Description: Equality of a class variable and a class abstraction (also called a class builder). Theorem 5.1 of [Quine] p. 34. This theorem shows the relationship between expressions with class abstractions and expressions with class variables. Note that abbi 2228 and its relatives are among those useful for converting theorems with class variables to equivalent theorems with wff variables, by first substituting a class abstraction for each class variable.

Class variables can always be eliminated from a theorem to result in an equivalent theorem with wff variables, and vice-versa. The idea is roughly as follows. To convert a theorem with a wff variable ph (that has a free variable x) to a theorem with a class variable A, we substitute x e.
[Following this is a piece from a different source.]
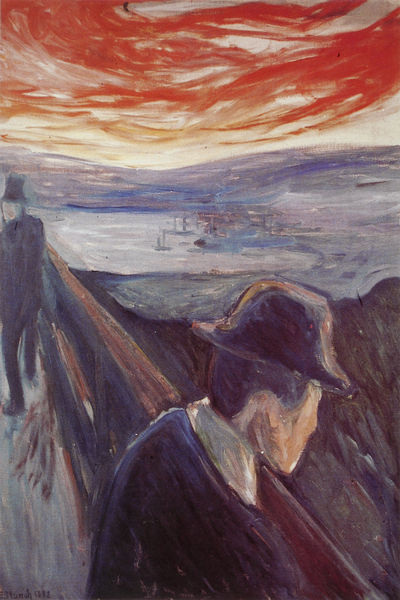
Titel: Verzweiflung
Künstler: Edvard Munch
Standort: Stockholm
Institution: Thielska Galleriet
Schlagwörter: berg, blau, dunkel, himmel, mann, meer, wasser, weiß, gelb, grün, menschen, see, stadt, ufer, braun, holz, hut, hüte, männer, orange, profil, schwarz, blick, rot, zaun, expressionismus, leute, malerei, symbolismus, zylinder, hemd, kragen, stehen, trauer, portrait, porträt, schauen, signatur, dämmerung, einsamkeit, ferne, horizont, hügel, wind, brücke, brüstung, sonne, dunkelheit, tal, schiff, schiffe, düster, ort, mast, berge, farbe, lila, sonnenuntergang, violett, hafen, anleger, masten, stille, angst, luft, duktus, melancholie, geländer, stimmung, allein, nachdenken, hemdkragen, abendrot, bucht, segelboote, impression, ortschaft, melone, denken, munch, kälte, furcht, norwegen, edvard munch, sehnsucht, spaziergänger, schrei, unheimlich, expression, edward munch, ornge, reeling, eile, expressionimus, begreifen, edvard, munck, der schrei, fremd, much, oslo, bcht, bedrohend, ohne gesicht

A for ph throughout and simplify, where A is a new class variable not already in the wff. Conversely, to convert a theorem with a class variable A to one with ph, we substitute { x | ph } for A throughout and simplify, where x and ph are new set and wff variables not already in the wff. For more information on class variables, see Quine pp. 15-21 and/or Takeuti and Zaring pp. 10-13. (Contributed by NM, 5-Aug-1993.)

Assertion

Ref	Expression
abeq2	|- ( A = { x | ph } <-> A. x ( x e. A <-> ph ) )

Distinct variable group:   x, A

Allowed substitution hint:   ph( x)

Proof of Theorem abeq2

Dummy variable y is distinct from all other variables.

Step	Hyp	Ref	Expression
1		ax-17 1489	. . 3 |- ( y e. A -> A. x y e. A )
2		hbab1 2104	. . 3 |- ( y e. { x | ph } -> A. x y e. { x | ph } )
3	1, 2	cleqh 2214	. 2 |- ( A = { x | ph } <-> A. x ( x e. A <-> x e. { x | ph } ) )
4		abid 2103	. . . 4 |- ( x e. { x | ph } <-> ph )
5	4	bibi2i 226	. . 3 |- ( ( x e. A <-> x e. { x | ph } ) <-> ( x e. A <-> ph ) )
6	5	albii 1429	. 2 |- ( A. x ( x e. A <-> x e. { x | ph } ) <-> A. x ( x e. A <-> ph ) )
7	3, 6	bitri 183	1 |- ( A = { x | ph } <-> A. x ( x e. A <-> ph ) )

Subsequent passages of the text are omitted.